Your output should reproduce each entry exactly, with none of its pictures.

==========

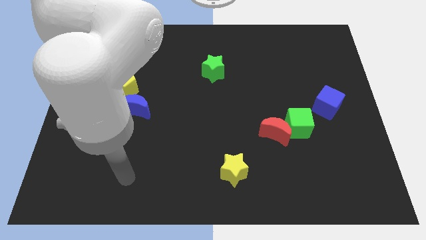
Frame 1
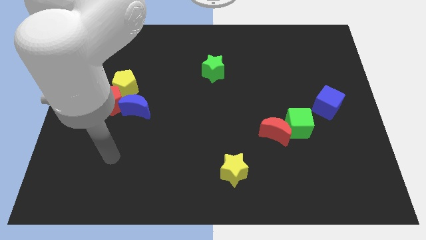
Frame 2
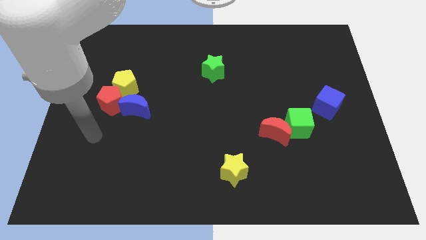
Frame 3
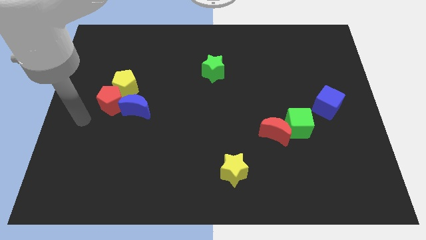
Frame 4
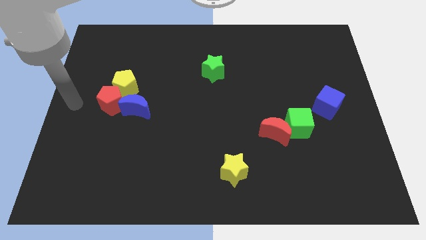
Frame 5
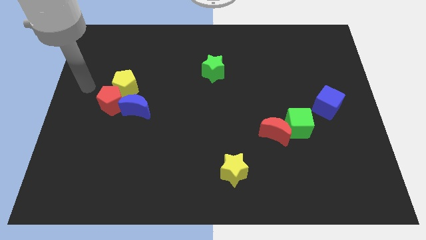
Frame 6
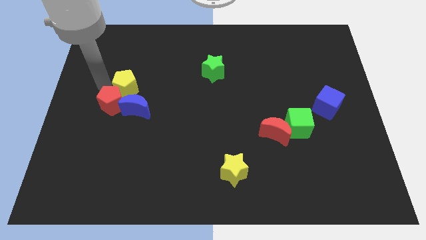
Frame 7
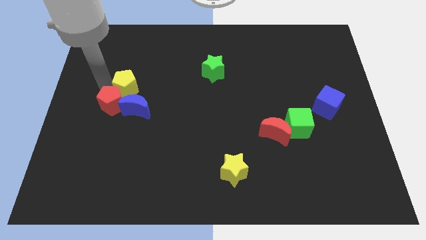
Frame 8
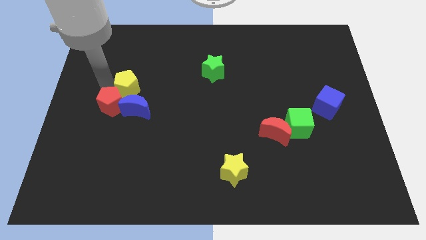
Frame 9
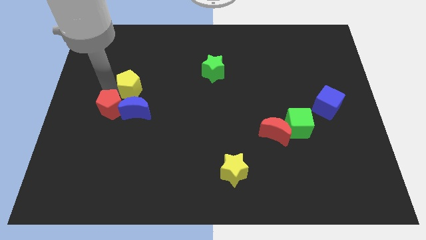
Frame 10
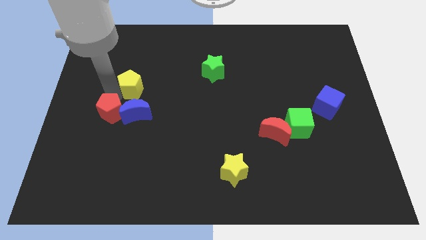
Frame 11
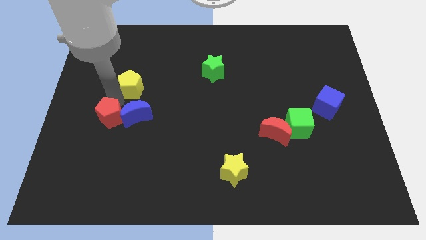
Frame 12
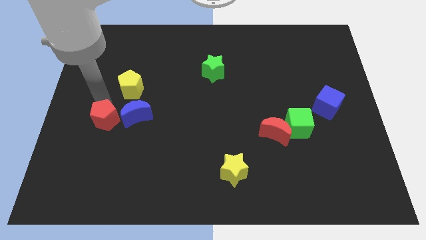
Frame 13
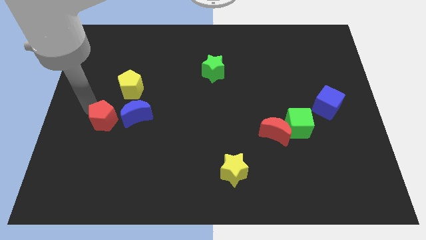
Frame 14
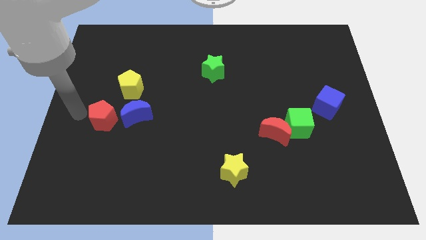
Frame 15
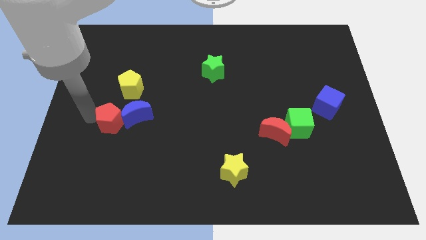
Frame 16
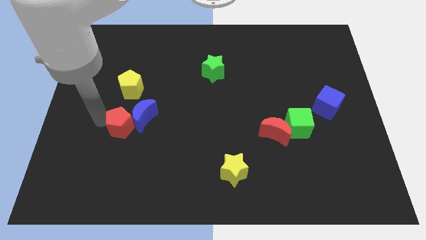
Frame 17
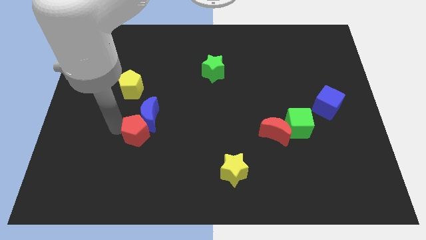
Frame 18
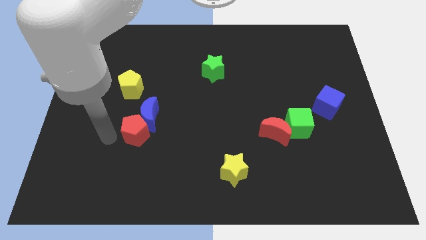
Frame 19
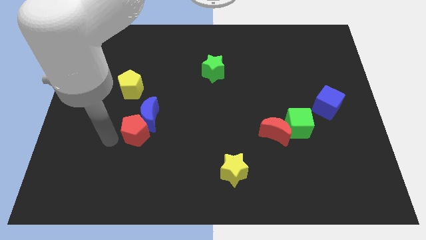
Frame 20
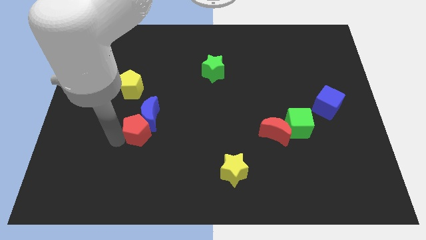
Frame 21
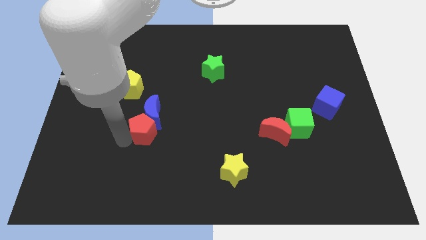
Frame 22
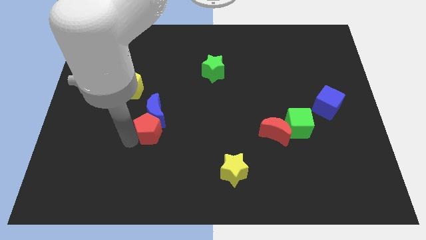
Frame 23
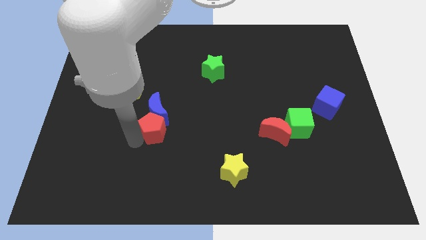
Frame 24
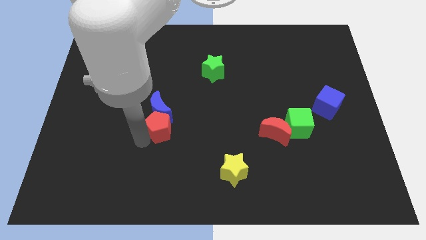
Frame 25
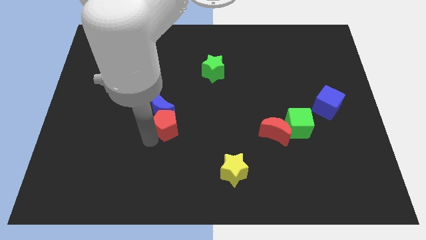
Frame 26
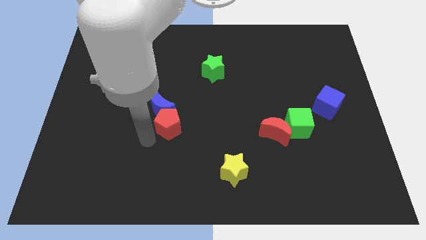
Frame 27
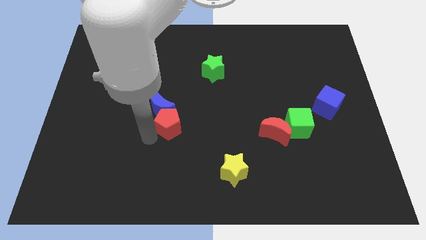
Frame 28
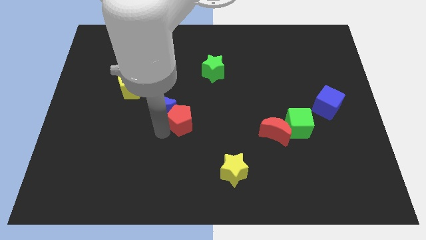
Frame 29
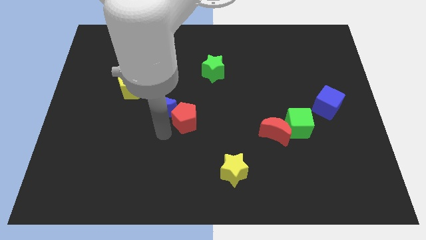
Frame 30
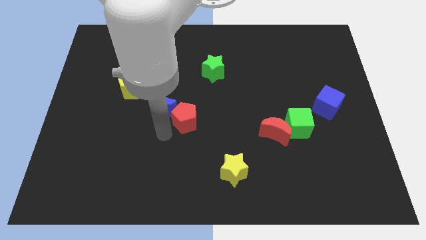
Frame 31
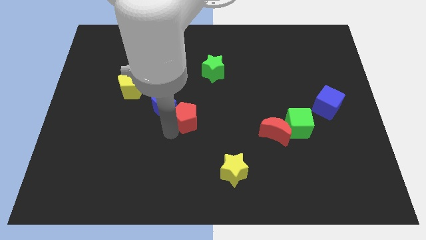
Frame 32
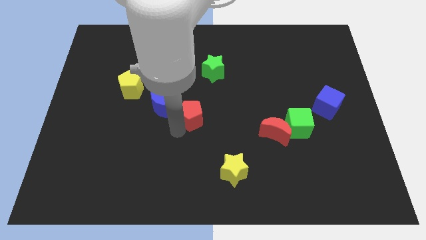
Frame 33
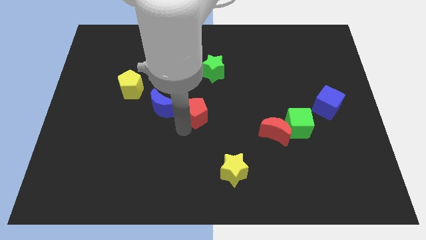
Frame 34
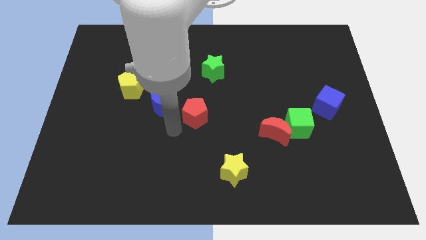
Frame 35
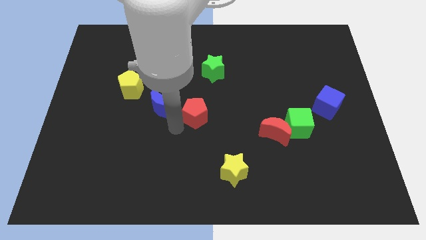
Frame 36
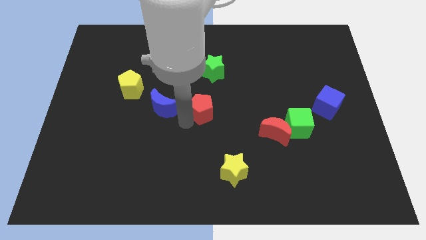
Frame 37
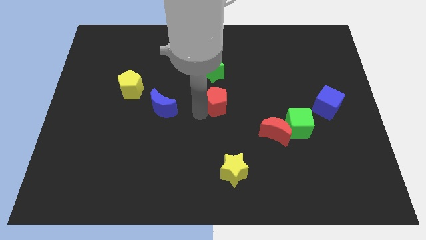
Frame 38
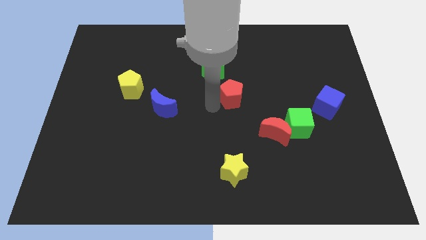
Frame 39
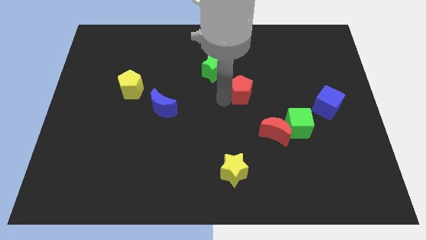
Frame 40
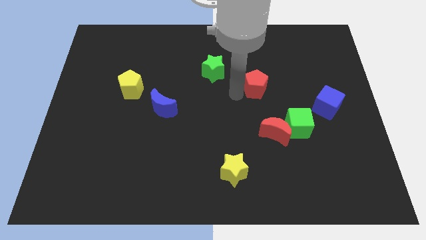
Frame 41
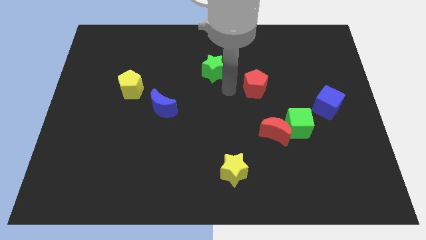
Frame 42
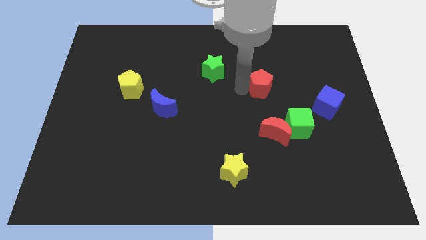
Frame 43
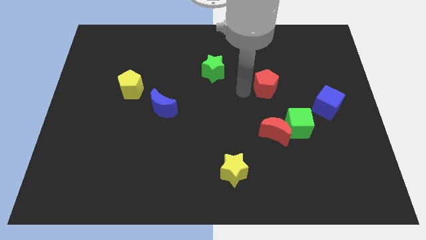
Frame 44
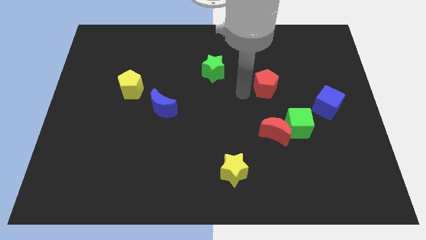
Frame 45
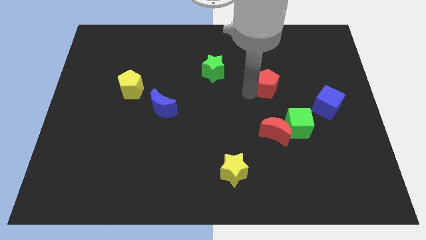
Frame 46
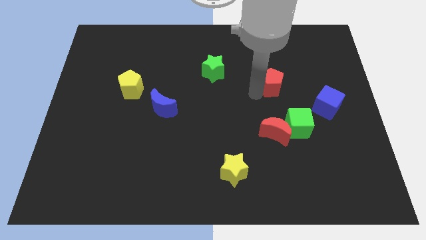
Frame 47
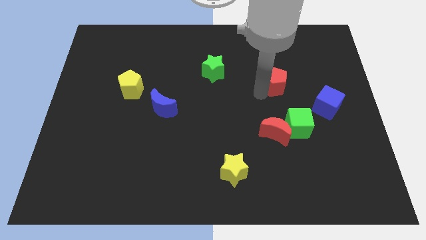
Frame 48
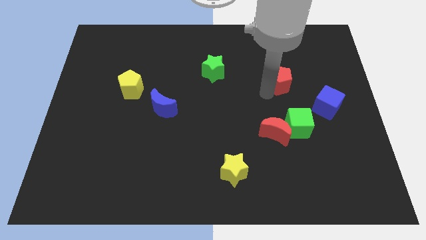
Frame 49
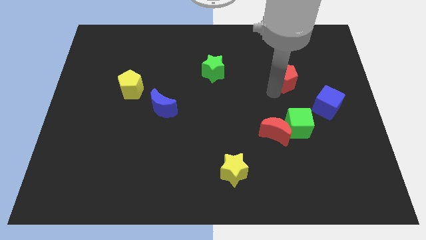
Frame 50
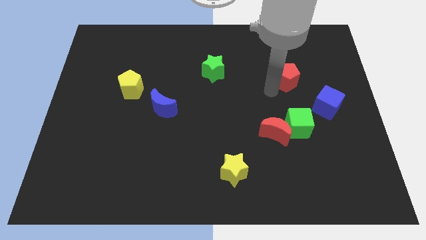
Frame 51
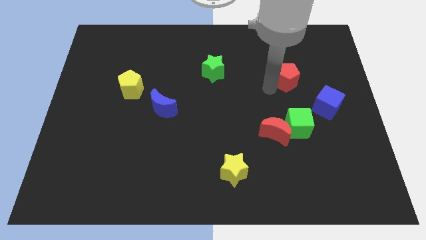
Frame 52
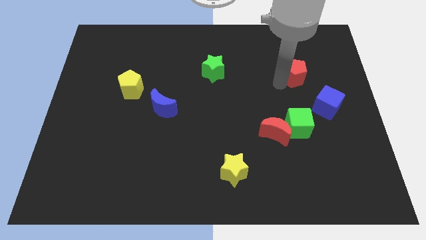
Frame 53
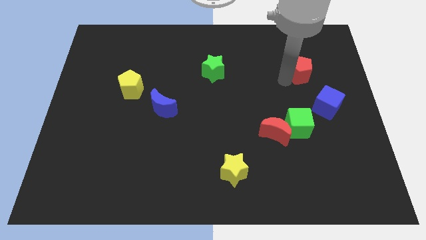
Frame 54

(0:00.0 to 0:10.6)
put the red pentagon to the top of the blue cube

==========

# EXERCISE ANSWER
Frame 1
Frame 2
Frame 3
Frame 4
Frame 5
Frame 6
Frame 7
Frame 8
Frame 9
Frame 10
Frame 11
Frame 12
Frame 13
Frame 14
Frame 15
Frame 16
Frame 17
Frame 18
Frame 19
Frame 20
Frame 21
Frame 22
Frame 23
Frame 24
Frame 25
Frame 26
Frame 27
Frame 28
Frame 29
Frame 30
Frame 31
Frame 32
Frame 33
Frame 34
Frame 35
Frame 36
Frame 37
Frame 38
Frame 39
Frame 40
Frame 41
Frame 42
Frame 43
Frame 44
Frame 45
Frame 46
Frame 47
Frame 48
Frame 49
Frame 50
Frame 51
Frame 52
Frame 53
Frame 54

(0:00.0 to 0:10.6)
put the red pentagon to the top of the blue cube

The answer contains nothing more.